Photo: Izlan Somai/Shutterstock

How to Actually Meet Locals on the Road

by Lusine Stepanian Dec 3, 2007

I am often involved in discussions with people eager to share stories about their latest adventure of a lifetime. One question that I tend to ask is “Did you meet any locals?” Many people quickly throw out an excuse:

I was with a guided tour and didn’t get a chance to meet anyone” or “I don’t speak their language” or “I was on the beach the whole time“.

But how does one expect to learn about a new culture if one doesn’t mingle with the locals? In order to really get a sense of a foreign culture, it’s essential.

True, meeting locals can be intimidating and difficult, since you are in the country for a very limited time; however, that should not stop you from getting out and exploring everyday life. Museums and historic sites will teach you about history, but present-day culture can only be understood by observing the daily routines of the local inhabitants.

Traveling should be about immersing yourself in the unexpected – it’s about meeting new friends, speaking new tongues, leaving your comfort zone behind and opening up to a new world.

It’s the local people who will give you true insight into their culture, accompany you to authentic entertainment venues and point out the best restaurants (local restaurants that is – not overpriced places that cater to tourists).

Here are a few useful pointers that will help you interact with locals and open up to a foreign country.

Learn Language Basics Before You Leave

It’s a wise idea to learn a few basic phrases in the language of your destination.
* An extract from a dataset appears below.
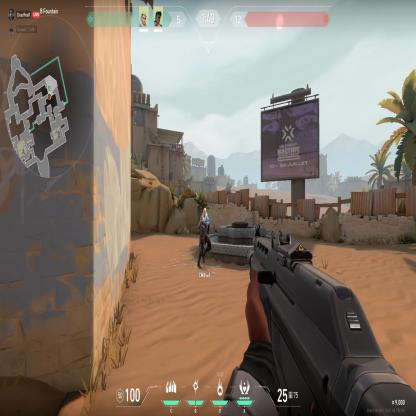
Label: teammate

Pick up a self study guide at least two weeks prior to your departure and practice some essential conversation phrases. You will boost your confidence, and the knowledge will help you better interact with the locals.

The “Teach Yourself” series offers beginner to advanced books in various languages. They taught me the basics of Italian and Spanish, and I found them to be very simple, clear and straight to the point.

Pursue Your Hobbies Abroad

What hobbies do you have? Get involved in activities that you enjoy while you’re in a foreign country. Find out if they are offered at your destination.

For example, if you like photography, get in touch with a photo club in the place you plan to visit. If you regularly hit the gym, research where the fitness centers are located. This way you will still be involved in an activity you enjoy and have a chance to meet some like-minded locals.

Take Some Lessons

Each country specializes in something they call their own. They offer lessons to locals and tourists to introduce a specific art or sport.

For example, you could attend an origami class in Tokyo, or, if in Spain, take a flamenco lesson. If you’re in France (and have deep pockets) go skiing with a personal teacher. In Argentina find a tango school, because when the night falls, you need to put your passion on display.

Find out what the hot new trend is, and study along with the locals.

Avoid Tourist Traps

Stop a local pedestrian and ask where you can find a great meal.

Once you are at your destination, do as the locals do. Avoid restaurants with menus translated into three different languages. In fact, avoid anything that is presented in English, unless you are in an Anglophone country.

Eat where the locals eat. Find an unfamiliar place, leave your comfort zone behind, and dive into the local bar and restaurant scene. This is where your basic language skills will shine. Extra Tip: Stop a local pedestrian and ask where you can find a great meal.

Skip The Guided Bus Tours

Take public transportation to get to your destination – this will help you mingle with locals or sit back and observe their everyday life and interactions.

Relying on public transport gives you more time and freedom to explore the city at your own pace. It will save you money and force you to strike up conversations, since you will have to buy your own train/bus ticket, find your way to the station and figure out where to get off.

It’s not always easy to step out of your comfort zone and hop on a public bus in a foreign country, but if you make the effort to interact with locals, you open the door to a truly memorable experience.

Lusine Stepanian obtained her BA in Communications before deciding to explore Europe. Living, working and studying in France, England, Italy, Spain and Germany taught her not only about the culture and beauty of Europe, but also some seven languages. Lusine currently works as a travel agent and writes regularly for Voice Magazine and for her travel blog.